*** Source material Section Begins ***
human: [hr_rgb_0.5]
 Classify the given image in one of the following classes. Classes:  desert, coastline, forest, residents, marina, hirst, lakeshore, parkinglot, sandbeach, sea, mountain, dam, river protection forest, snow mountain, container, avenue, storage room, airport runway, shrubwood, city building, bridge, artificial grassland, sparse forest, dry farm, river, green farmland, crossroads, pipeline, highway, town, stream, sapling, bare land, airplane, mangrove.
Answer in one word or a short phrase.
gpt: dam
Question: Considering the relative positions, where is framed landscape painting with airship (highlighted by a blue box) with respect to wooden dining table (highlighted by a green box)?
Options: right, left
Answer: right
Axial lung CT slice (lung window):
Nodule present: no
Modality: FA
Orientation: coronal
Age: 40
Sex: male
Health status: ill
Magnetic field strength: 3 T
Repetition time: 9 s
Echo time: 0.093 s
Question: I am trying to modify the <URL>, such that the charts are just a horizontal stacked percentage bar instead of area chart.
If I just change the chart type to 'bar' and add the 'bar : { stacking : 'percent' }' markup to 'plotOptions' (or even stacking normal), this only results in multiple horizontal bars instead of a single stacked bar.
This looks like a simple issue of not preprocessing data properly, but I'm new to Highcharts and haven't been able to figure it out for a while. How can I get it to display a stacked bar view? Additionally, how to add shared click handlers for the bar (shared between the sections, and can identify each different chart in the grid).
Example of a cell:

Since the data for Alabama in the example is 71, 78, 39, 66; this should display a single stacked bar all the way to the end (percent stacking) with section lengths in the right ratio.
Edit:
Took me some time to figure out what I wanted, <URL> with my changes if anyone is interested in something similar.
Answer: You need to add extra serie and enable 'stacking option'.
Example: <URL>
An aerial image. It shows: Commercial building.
*** Source material Section Ends ***
◆ Work order:
Every line in the records has to be written out again exactly.

◆ Written response:
human: [hr_rgb_0.5]
 Classify the given image in one of the following classes. Classes:  desert, coastline, forest, residents, marina, hirst, lakeshore, parkinglot, sandbeach, sea, mountain, dam, river protection forest, snow mountain, container, avenue, storage room, airport runway, shrubwood, city building, bridge, artificial grassland, sparse forest, dry farm, river, green farmland, crossroads, pipeline, highway, town, stream, sapling, bare land, airplane, mangrove.
Answer in one word or a short phrase.
gpt: dam
Question: Considering the relative positions, where is framed landscape painting with airship (highlighted by a blue box) with respect to wooden dining table (highlighted by a green box)?
Options: right, left
Answer: right
Axial lung CT slice (lung window):
Nodule present: no
Modality: FA
Orientation: coronal
Age: 40
Sex: male
Health status: ill
Magnetic field strength: 3 T
Repetition time: 9 s
Echo time: 0.093 s
Question: I am trying to modify the <URL>, such that the charts are just a horizontal stacked percentage bar instead of area chart.
If I just change the chart type to 'bar' and add the 'bar : { stacking : 'percent' }' markup to 'plotOptions' (or even stacking normal), this only results in multiple horizontal bars instead of a single stacked bar.
This looks like a simple issue of not preprocessing data properly, but I'm new to Highcharts and haven't been able to figure it out for a while. How can I get it to display a stacked bar view? Additionally, how to add shared click handlers for the bar (shared between the sections, and can identify each different chart in the grid).
Example of a cell:

Since the data for Alabama in the example is 71, 78, 39, 66; this should display a single stacked bar all the way to the end (percent stacking) with section lengths in the right ratio.
Edit:
Took me some time to figure out what I wanted, <URL> with my changes if anyone is interested in something similar.
Answer: You need to add extra serie and enable 'stacking option'.
Example: <URL>
An aerial image. It shows: Commercial building.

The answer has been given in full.